Informacoes sobre ordens
| Nome do Produto | Numero de Catalogo | UNID | Preco | Qde | FAVORITOS | |
CYP11A1 Plasmídeo duplo de Nickase (h) | sc-401269-NIC | 20 µg | $410.00 | |||
CYP11A1 Plasmídeo duplo de Nickase (h2) | sc-401269-NIC-2 | 20 µg | $410.00 |
CYP11A1 codifica a enzima mitocondrial do citocromo P450 responsável pela clivagem da cadeia lateral (P450scc), que catalisa a conversão do colesterol em pregnenolona, a primeira etapa e a etapa limitante da velocidade na biossíntese de hormônios esteroides. Essa reação inicia a produção de glicocorticoides, mineralocorticoides e esteroides sexuais e se integra às vias mitocondriais de transporte de colesterol e de parceiros redox envolvendo ferredoxina e ferredoxina redutase. A atividade de CYP11A1 é central para os programas esteroidogênicos no córtex adrenal e nos tecidos gonadais, conectando-se à homeostase endócrina e aos estados de diferenciação celular. Alterações na expressão ou na função de CYP11A1 estão associadas a distúrbios congênitos da biossíntese de esteroides, a fenótipos de insuficiência adrenal e à desregulação da sinalização esteroidogênica estudada em modelos de doenças reprodutivas e adrenais.

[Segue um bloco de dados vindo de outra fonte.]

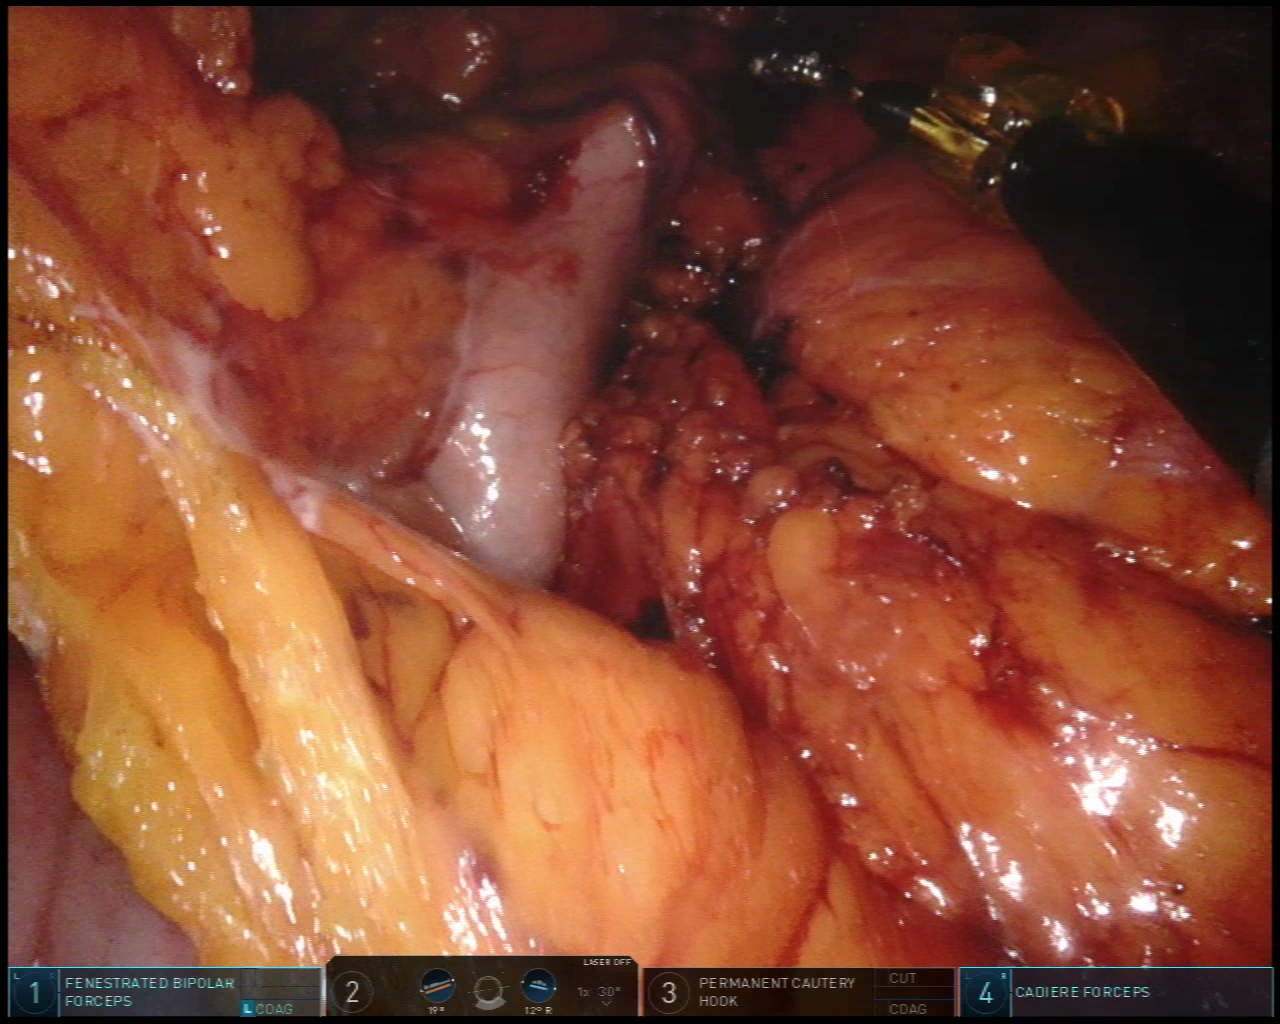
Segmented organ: stomach
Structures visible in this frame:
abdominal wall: no
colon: yes
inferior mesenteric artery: no
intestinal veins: no
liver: no
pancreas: no
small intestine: no
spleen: no
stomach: yes
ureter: no
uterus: no
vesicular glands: no

CYP11A1 O Plasmídeo de Nickase Dupla (h) consiste num par de plasmídeos combinados, concebidos para a edição de alta especificidade do locus CYP11A1 em linhas celulares human. Cada plasmídeo expressa uma nickase Cas9 D10A e um sgRNA distinto que tem como alvo cadeias de ADN opostas dentro de CYP11A1. Quando direcionadas para locais adjacentes em cadeias de ADN opostas, as duas nickases geram cortes deslocados numa única cadeia que, em conjunto, produzem uma quebra escalonada de cadeia dupla, exigindo uma atividade coordenada no alvo por parte de ambas as guias. A quebra de ADN resultante é resolvida por vias de reparação celular endógenas, mais frequentemente através da junção de extremidades não homólogas (NHEJ), levando a inserções ou deleções que perturbam a função CYP11A1. Ao exigir o envolvimento de dois sgRNA no locus alvo, a abordagem de dupla nickase aumenta a especificidade da edição e fornece uma estratégia CRISPR complementar para aplicações em que se deseja um controlo adicional sobre a precisão do direcionamento.

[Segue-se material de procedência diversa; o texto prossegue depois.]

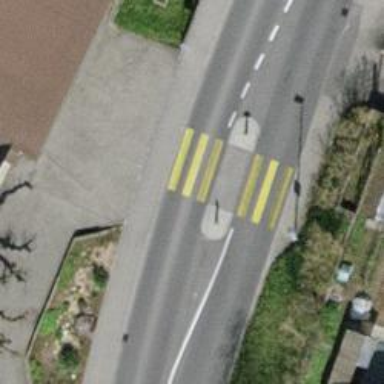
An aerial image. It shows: Uncontrolled crossing on the road.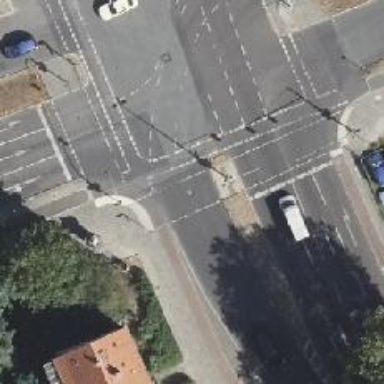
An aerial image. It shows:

Para apoiar a identificação eficiente das células editadas, um plasmídeo codifica GFP para visualização fluorescente das populações transfectadas, enquanto o plasmídeo complementar transporta um gene de resistência à puromicina para seleção antibiótica. Em conjunto, estas características apoiam o enriquecimento eficiente das populações co-transfectadas e simplificam a validação dos clones com CYP11A1 interrompido.
Apenas para uso em investigação. Não se destina a uso diagnóstico ou terapêutico.